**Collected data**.
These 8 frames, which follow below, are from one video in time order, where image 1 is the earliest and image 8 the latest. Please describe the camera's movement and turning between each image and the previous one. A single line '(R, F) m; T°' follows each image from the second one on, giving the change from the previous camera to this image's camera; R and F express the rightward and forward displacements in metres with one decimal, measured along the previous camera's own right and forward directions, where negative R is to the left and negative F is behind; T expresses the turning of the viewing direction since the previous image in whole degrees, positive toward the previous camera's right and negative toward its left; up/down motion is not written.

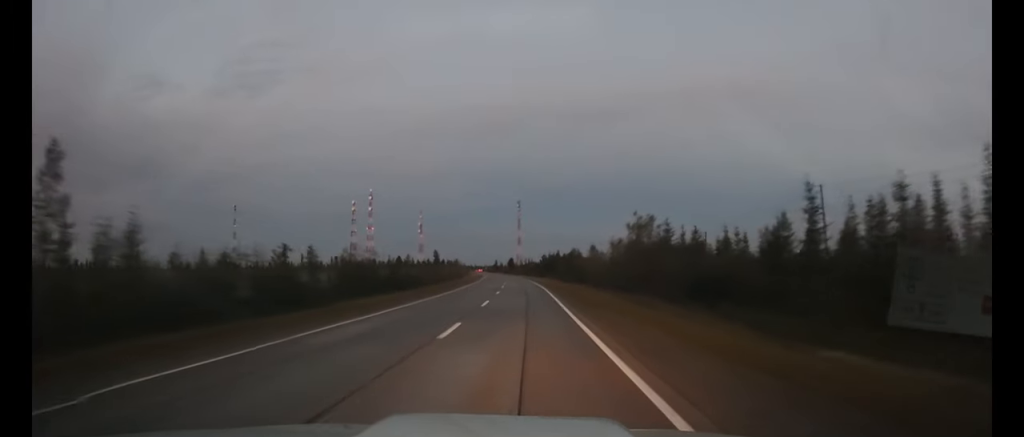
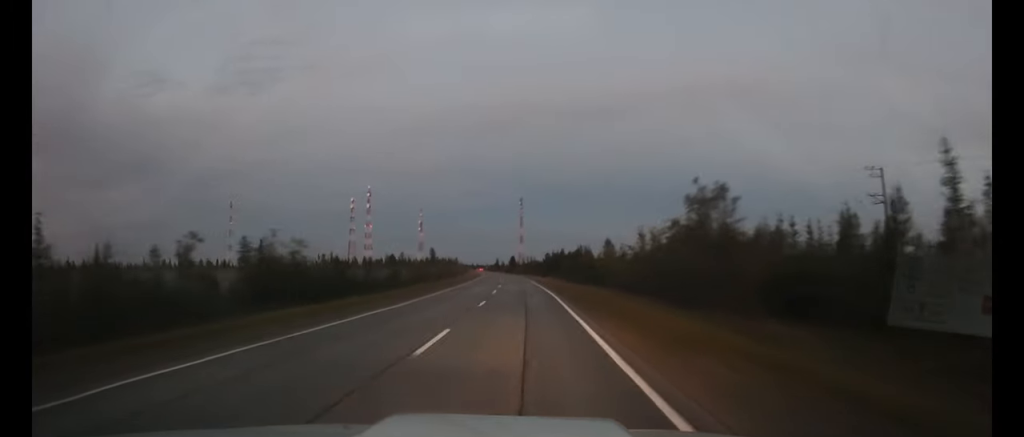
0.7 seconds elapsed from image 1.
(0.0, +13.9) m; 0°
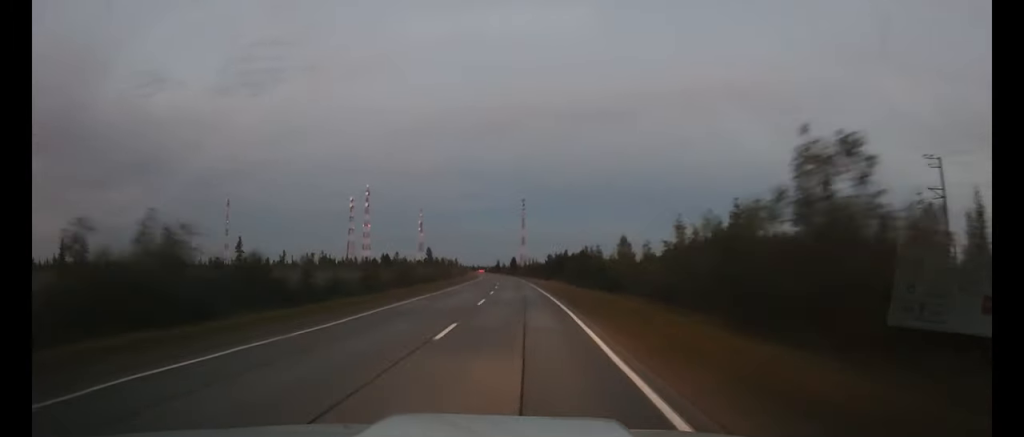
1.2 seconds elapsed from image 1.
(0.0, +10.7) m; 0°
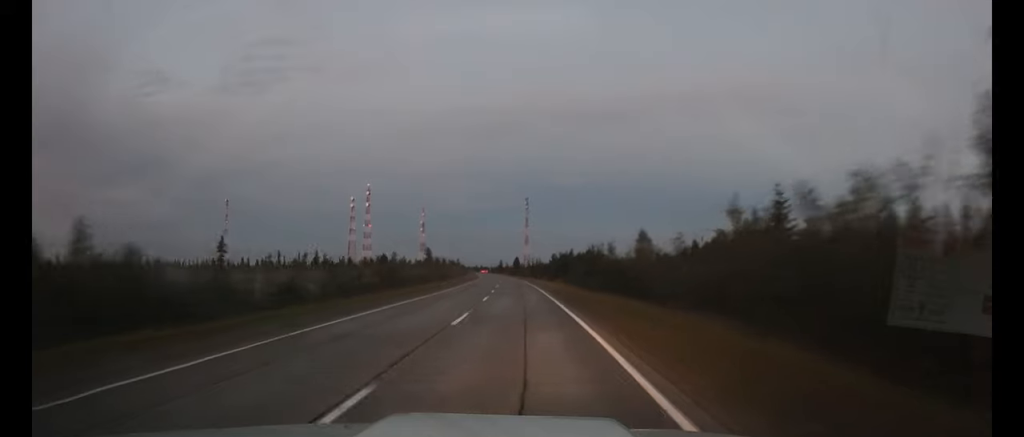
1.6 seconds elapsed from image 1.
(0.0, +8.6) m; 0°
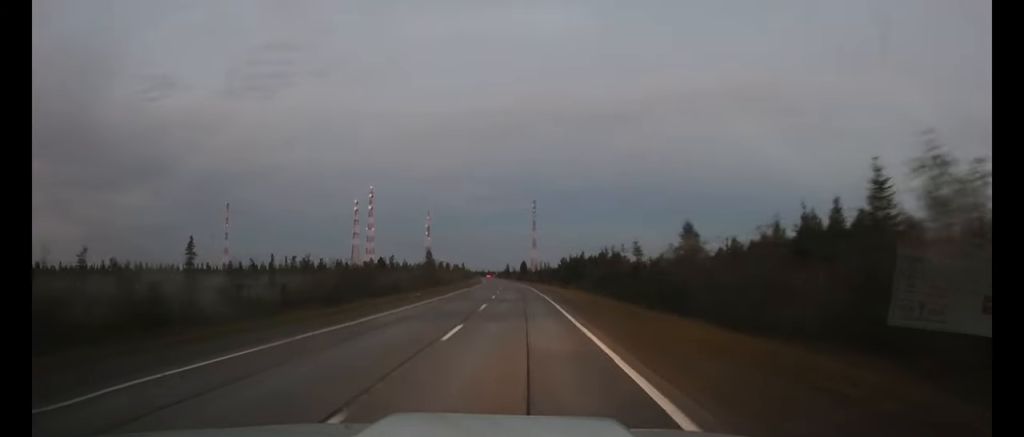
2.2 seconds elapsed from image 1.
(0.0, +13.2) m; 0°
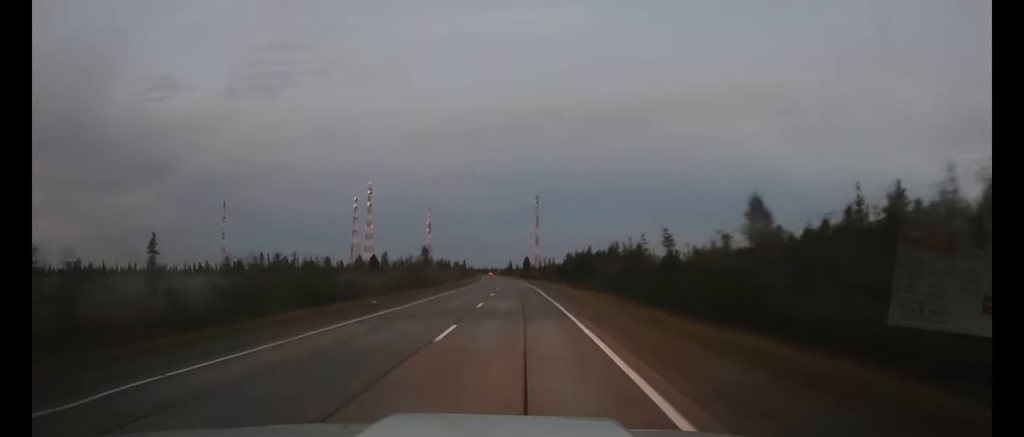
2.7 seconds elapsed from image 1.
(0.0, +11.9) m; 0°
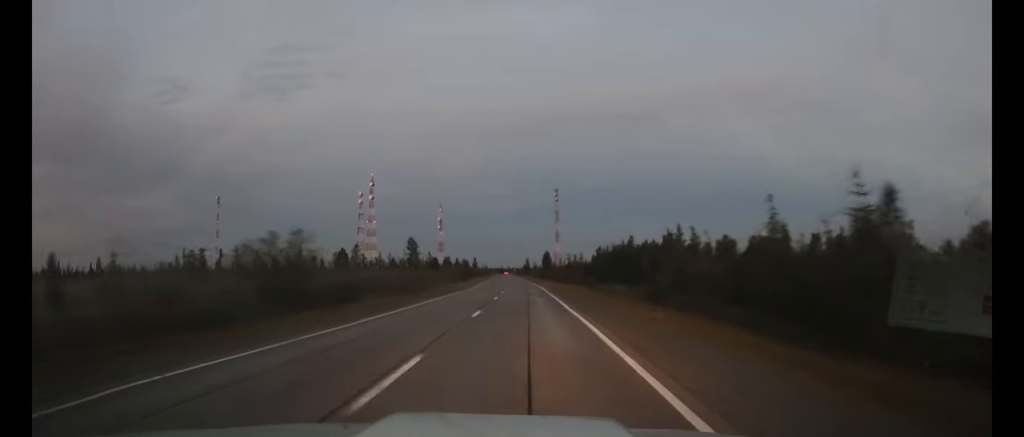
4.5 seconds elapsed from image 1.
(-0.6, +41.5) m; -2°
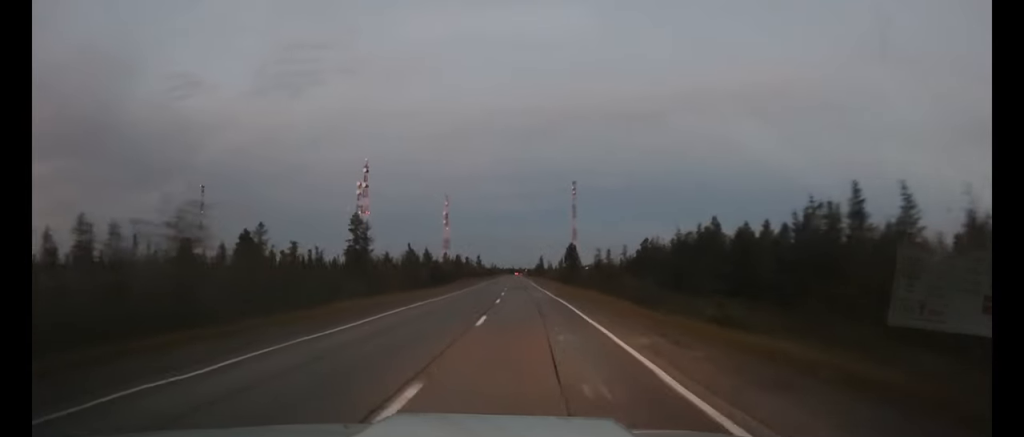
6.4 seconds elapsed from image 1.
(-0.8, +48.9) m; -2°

**What you need to do**. Return exactly the line containing "0.7 seconds elapsed from image 1." and every line after it, up to and including the final line of the entries above. Pictures stay out.

**Solution to this problem**.
0.7 seconds elapsed from image 1.
(0.0, +13.9) m; 0°
1.2 seconds elapsed from image 1.
(0.0, +10.7) m; 0°
1.6 seconds elapsed from image 1.
(0.0, +8.6) m; 0°
2.2 seconds elapsed from image 1.
(0.0, +13.2) m; 0°
2.7 seconds elapsed from image 1.
(0.0, +11.9) m; 0°
4.5 seconds elapsed from image 1.
(-0.6, +41.5) m; -2°
6.4 seconds elapsed from image 1.
(-0.8, +48.9) m; -2°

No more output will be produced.